In 2020, Mr. Gomez, who has served in the House since 2017, also faced immigration lawyer Mr. Kim. That’s when Mr. Gomez won the primary by nearly 30 points and advanced to the general election without paying much, if any, attention to his rival. “He never even mentioned my name,” Mr. Kim said over a breakfast burrito at the restaurant this month.

But Mr Gomez ended up winning the 2020 general election by a surprisingly narrow margin of six points. In April 2021, he asked the Democratic Congressional Campaign Committee to put money into the race for what has traditionally been a safe seat for the party, telling donors he was “in a very tough race,” HuffPost reported.

This August, Mr. Gomez’s campaign unveiled a website titled “Who is the Real David Kim?” that accuses him of not supporting democracy and hiding “QAnon MAGA support”; the basic lie of QAnon is that a cabal of Satan-worshiping pedophiles is trying to control politics and the news media. In October, Mr. Gomez sent out three mailers that juxtaposed photos of Mr. Kim with an image of the Jan. 6 rioters scaling the walls of the Capitol and paid for Internet ads featuring images of his rival and former president, Donald J. Trump.

The link to QAnon, explained Steven Barkan, a consultant to Mr. Gomez’s campaign, stems from the fact that in 2020 Mr. Kim sought and received endorsements from defeated candidates in the primaries. One of them, Joanne Wright, a Republican, appeared to embrace conspiracy theories and had a picture of “Q” on her Twitter page before being kicked off the platform. Mr. Barkan said Ms. Wright’s views were revealed before the primary and argued that Mr. Kim either knew or should have known who he was dealing with. (Ms. Wright did not respond to requests for comment.)

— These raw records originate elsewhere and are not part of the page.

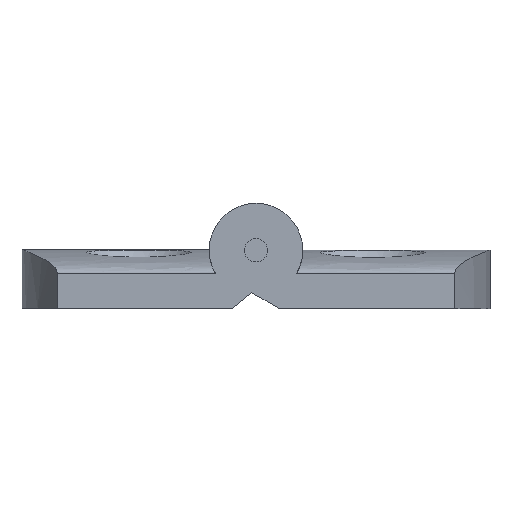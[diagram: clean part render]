
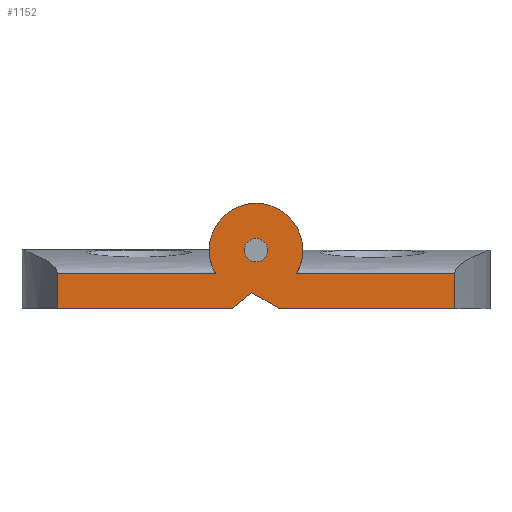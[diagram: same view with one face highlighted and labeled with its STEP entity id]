
A CAD part, front view. The second image highlights one B-rep face of the part: STEP entity #1152.
In plain terms, the highlighted planar face has unit normal (0, -1, 0).
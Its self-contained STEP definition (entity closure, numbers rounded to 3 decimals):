
#66 = VECTOR ( 'NONE', #1709, 1000. ) ;
#83 = AXIS2_PLACEMENT_3D ( 'NONE', #389, #1645, #408 ) ;
#103 = VERTEX_POINT ( 'NONE', #1135 ) ;
#120 = CARTESIAN_POINT ( 'NONE',  ( -2., -16., -4.978 ) ) ;
#171 = DIRECTION ( 'NONE',  ( 0., 0., -1. ) ) ;
#175 = VECTOR ( 'NONE', #1385, 1000. ) ;
#179 = DIRECTION ( 'NONE',  ( 0., 0., 1. ) ) ;
#182 = FACE_OUTER_BOUND ( 'NONE', #721, .T. ) ;
#188 = EDGE_CURVE ( 'NONE', #960, #869, #1018, .T. ) ;
#191 = CARTESIAN_POINT ( 'NONE',  ( 2., -16., -5. ) ) ;
#215 = DIRECTION ( 'NONE',  ( 0., 0., 1. ) ) ;
#236 = EDGE_CURVE ( 'NONE', #103, #1436, #1181, .T. ) ;
#242 = LINE ( 'NONE', #910, #677 ) ;
#249 = CARTESIAN_POINT ( 'NONE',  ( -17., -16., -1.978 ) ) ;
#261 = ORIENTED_EDGE ( 'NONE', *, *, #1696, .T. ) ;
#325 = CARTESIAN_POINT ( 'NONE',  ( 12.488, -16., -2. ) ) ;
#345 = CARTESIAN_POINT ( 'NONE',  ( 2., -16., -5. ) ) ;
#376 = CIRCLE ( 'NONE', #1719, 1. ) ;
#377 = DIRECTION ( 'NONE',  ( 0., 0., -1. ) ) ;
#387 = AXIS2_PLACEMENT_3D ( 'NONE', #861, #871, #171 ) ;
#388 = ORIENTED_EDGE ( 'NONE', *, *, #1265, .F. ) ;
#389 = CARTESIAN_POINT ( 'NONE',  ( 0., -16., 0. ) ) ;
#391 = LINE ( 'NONE', #1502, #1244 ) ;
#408 = DIRECTION ( 'NONE',  ( 0., 0., 1. ) ) ;
#411 = EDGE_CURVE ( 'NONE', #1066, #869, #1196, .T. ) ;
#461 = CARTESIAN_POINT ( 'NONE',  ( 17., -16., -2. ) ) ;
#464 = VERTEX_POINT ( 'NONE', #634 ) ;
#467 = DIRECTION ( 'NONE',  ( 0., 0., -1. ) ) ;
#494 = LINE ( 'NONE', #345, #1086 ) ;
#531 = VERTEX_POINT ( 'NONE', #1162 ) ;
#601 = PLANE ( 'NONE',  #1778 ) ;
#619 = CARTESIAN_POINT ( 'NONE',  ( -3.477, -16., -1.978 ) ) ;
#629 = CIRCLE ( 'NONE', #83, 1. ) ;
#634 = CARTESIAN_POINT ( 'NONE',  ( 0., -16., -1. ) ) ;
#646 = ORIENTED_EDGE ( 'NONE', *, *, #188, .T. ) ;
#677 = VECTOR ( 'NONE', #1078, 1000. ) ;
#689 = EDGE_CURVE ( 'NONE', #464, #531, #629, .T. ) ;
#717 = EDGE_CURVE ( 'NONE', #1026, #103, #1114, .T. ) ;
#721 = EDGE_LOOP ( 'NONE', ( #261, #646, #1189, #895, #920, #1621, #1031, #1755, #388, #1272 ) ) ;
#732 = CARTESIAN_POINT ( 'NONE',  ( 3.464, -16., -2. ) ) ;
#743 = FACE_BOUND ( 'NONE', #1057, .T. ) ;
#809 = DIRECTION ( 'NONE',  ( -0.771, 0., -0.637 ) ) ;
#835 = CARTESIAN_POINT ( 'NONE',  ( 17., -16., -5. ) ) ;
#851 = EDGE_CURVE ( 'NONE', #531, #464, #376, .T. ) ;
#854 = CARTESIAN_POINT ( 'NONE',  ( -2., -16., -4.978 ) ) ;
#861 = CARTESIAN_POINT ( 'NONE',  ( 0., -16., 0. ) ) ;
#869 = VERTEX_POINT ( 'NONE', #732 ) ;
#871 = DIRECTION ( 'NONE',  ( 0., 1., 0. ) ) ;
#895 = ORIENTED_EDGE ( 'NONE', *, *, #1117, .F. ) ;
#910 = CARTESIAN_POINT ( 'NONE',  ( 20., -16., -5. ) ) ;
#916 = CIRCLE ( 'NONE', #387, 4. ) ;
#920 = ORIENTED_EDGE ( 'NONE', *, *, #1102, .T. ) ;
#960 = VERTEX_POINT ( 'NONE', #1377 ) ;
#989 = CARTESIAN_POINT ( 'NONE',  ( 0., -16., 0. ) ) ;
#1002 = CARTESIAN_POINT ( 'NONE',  ( -7.985, -16., -1.978 ) ) ;
#1018 = B_SPLINE_CURVE_WITH_KNOTS ( 'NONE', 3,
 ( #461, #325, #1592, #1145 ),
 .UNSPECIFIED., .F., .F.,
 ( 4, 4 ),
 ( 0., 1. ),
 .UNSPECIFIED. ) ;
#1019 = CARTESIAN_POINT ( 'NONE',  ( -0.37, -16., -3.631 ) ) ;
#1020 = DIRECTION ( 'NONE',  ( 0., 1., 0. ) ) ;
#1026 = VERTEX_POINT ( 'NONE', #854 ) ;
#1031 = ORIENTED_EDGE ( 'NONE', *, *, #717, .F. ) ;
#1057 = EDGE_LOOP ( 'NONE', ( #1270, #1382 ) ) ;
#1066 = VERTEX_POINT ( 'NONE', #1292 ) ;
#1078 = DIRECTION ( 'NONE',  ( -1., 0., 0. ) ) ;
#1086 = VECTOR ( 'NONE', #1469, 1000. ) ;
#1102 = EDGE_CURVE ( 'NONE', #1297, #1436, #1440, .T. ) ;
#1114 = LINE ( 'NONE', #120, #175 ) ;
#1117 = EDGE_CURVE ( 'NONE', #1297, #1066, #916, .T. ) ;
#1123 = VERTEX_POINT ( 'NONE', #191 ) ;
#1135 = CARTESIAN_POINT ( 'NONE',  ( -17., -16., -4.978 ) ) ;
#1145 = CARTESIAN_POINT ( 'NONE',  ( 3.464, -16., -2. ) ) ;
#1152 = ADVANCED_FACE ( 'NONE', ( #182, #743 ), #601, .T. ) ;
#1155 = CARTESIAN_POINT ( 'NONE',  ( -17., -16., -15.978 ) ) ;
#1160 = CARTESIAN_POINT ( 'NONE',  ( 0., -16., 0. ) ) ;
#1162 = CARTESIAN_POINT ( 'NONE',  ( 0., -16., 1. ) ) ;
#1177 = CARTESIAN_POINT ( 'NONE',  ( -12.492, -16., -1.978 ) ) ;
#1181 = LINE ( 'NONE', #1155, #1643 ) ;
#1189 = ORIENTED_EDGE ( 'NONE', *, *, #411, .F. ) ;
#1196 = CIRCLE ( 'NONE', #1462, 4. ) ;
#1244 = VECTOR ( 'NONE', #809, 1000. ) ;
#1250 = EDGE_CURVE ( 'NONE', #1481, #1123, #242, .T. ) ;
#1265 = EDGE_CURVE ( 'NONE', #1123, #1711, #494, .T. ) ;
#1270 = ORIENTED_EDGE ( 'NONE', *, *, #851, .T. ) ;
#1272 = ORIENTED_EDGE ( 'NONE', *, *, #1250, .F. ) ;
#1292 = CARTESIAN_POINT ( 'NONE',  ( 0., -16., 4. ) ) ;
#1295 = CARTESIAN_POINT ( 'NONE',  ( 17., -16., -16. ) ) ;
#1297 = VERTEX_POINT ( 'NONE', #1488 ) ;
#1304 = LINE ( 'NONE', #1295, #66 ) ;
#1377 = CARTESIAN_POINT ( 'NONE',  ( 17., -16., -2. ) ) ;
#1382 = ORIENTED_EDGE ( 'NONE', *, *, #689, .T. ) ;
#1385 = DIRECTION ( 'NONE',  ( -1., 0., 0. ) ) ;
#1436 = VERTEX_POINT ( 'NONE', #249 ) ;
#1440 = B_SPLINE_CURVE_WITH_KNOTS ( 'NONE', 3,
 ( #619, #1002, #1177, #1564 ),
 .UNSPECIFIED., .F., .F.,
 ( 4, 4 ),
 ( 0., 1. ),
 .UNSPECIFIED. ) ;
#1447 = EDGE_CURVE ( 'NONE', #1711, #1026, #391, .T. ) ;
#1462 = AXIS2_PLACEMENT_3D ( 'NONE', #1596, #1715, #467 ) ;
#1469 = DIRECTION ( 'NONE',  ( -0.866, 0., 0.5 ) ) ;
#1481 = VERTEX_POINT ( 'NONE', #835 ) ;
#1488 = CARTESIAN_POINT ( 'NONE',  ( -3.477, -16., -1.978 ) ) ;
#1502 = CARTESIAN_POINT ( 'NONE',  ( 4., -16., -0.022 ) ) ;
#1564 = CARTESIAN_POINT ( 'NONE',  ( -17., -16., -1.978 ) ) ;
#1592 = CARTESIAN_POINT ( 'NONE',  ( 7.976, -16., -2. ) ) ;
#1596 = CARTESIAN_POINT ( 'NONE',  ( 0., -16., 0. ) ) ;
#1621 = ORIENTED_EDGE ( 'NONE', *, *, #236, .F. ) ;
#1643 = VECTOR ( 'NONE', #215, 1000. ) ;
#1645 = DIRECTION ( 'NONE',  ( 0., 1., 0. ) ) ;
#1696 = EDGE_CURVE ( 'NONE', #1481, #960, #1304, .T. ) ;
#1709 = DIRECTION ( 'NONE',  ( 0., 0., 1. ) ) ;
#1711 = VERTEX_POINT ( 'NONE', #1019 ) ;
#1715 = DIRECTION ( 'NONE',  ( 0., 1., 0. ) ) ;
#1719 = AXIS2_PLACEMENT_3D ( 'NONE', #989, #1020, #179 ) ;
#1751 = DIRECTION ( 'NONE',  ( 0., -1., 0. ) ) ;
#1755 = ORIENTED_EDGE ( 'NONE', *, *, #1447, .F. ) ;
#1778 = AXIS2_PLACEMENT_3D ( 'NONE', #1160, #1751, #377 ) ;
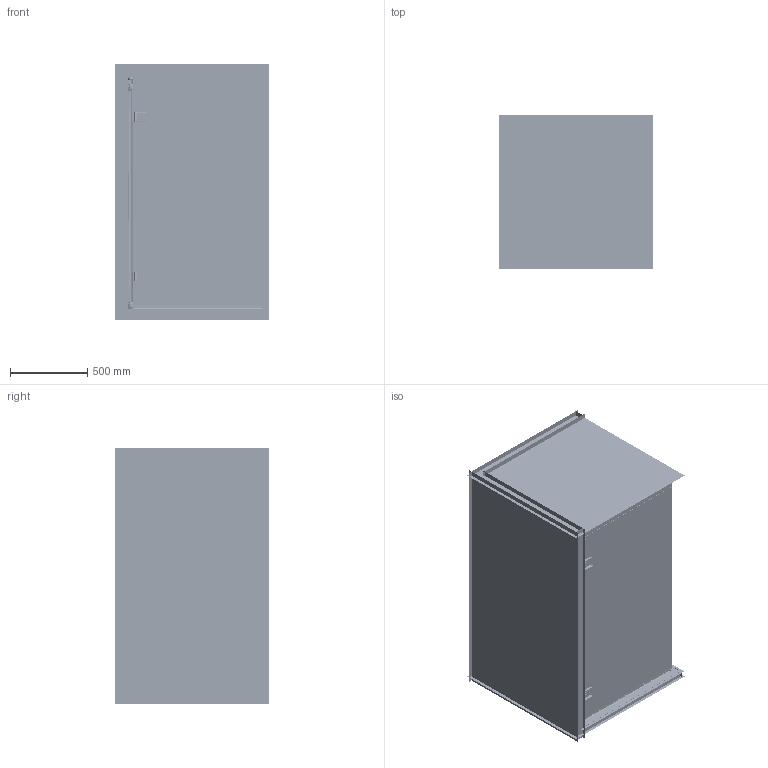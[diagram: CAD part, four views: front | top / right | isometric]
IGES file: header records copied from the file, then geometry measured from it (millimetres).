
Start section:  PTC IGES file: dcp9n-850X1450.igs
Global section: file name: dcp9n-850X1450.igs; native system: Pro/ENGINEER by Parametric Technology Corporation; preprocessor: 2010280; author: admin; organization: Unknown; date: 20140606.112623; units: millimetre
Bounding box: 993.2 x 993.2 x 1653.6 mm (x, y, z)
Volume: 856626487.7 mm3; surface area: 178744438.9 mm2
Topology: 74 solids, 74 shells, 8300 faces, 56742 edges, 81564 vertices
Faces by surface type: revolution 4272, bspline 4028

“It’s fair to say we don’t think QAnon is,” Mr. Barkan conceded. “But he ran with QAnon’s support. It’s serious when people like Kim give QAnon credibility.”

Some of the Gomez campaign’s attacks also focused on the fact that Mr. Kim was once a registered Republican; Mr. Kim says he was raised in a Republican family but changed his registration long ago.

Mr. Kim called the ad campaign a dirty tactic and said the endorsements, which included one from the Democrat he defeated, showed he was a “unifying candidate and leader” willing to work with people who hold different views. He also pointed out that the endorsement happened in the 2020 race but was misleadingly presented as if it happened in the current campaign.

“People like Jimmy continue to contribute to the extreme polarization of our country and government,” Mr Kim said.

Bill Przylucki, executive director of Ground Game LA, a nonprofit group that promotes progressive politics and candidates, frowned at reports linking left-wing candidates to extremists as more than 370 Republican candidates for powerful offices across the country questioned the legitimacy of the presidential election in in 2020.

“Given the national picture, I think it’s a bad strategy for the Democrats overall,” Mr. Przylucki said, likening the approach to “red baiting.”

Some political observers note that it’s been barely a decade since California switched to an open primary system, and say some adjustment is needed. But Mr. Przylucki argued that the animosity emerging in the current system required a complete rethinking of the Democrats’ traditional anti-Republic policy.

“Democrats are trying to figure out what it means to be a party in a place like Los Angeles,” he said. “Or if it even makes sense.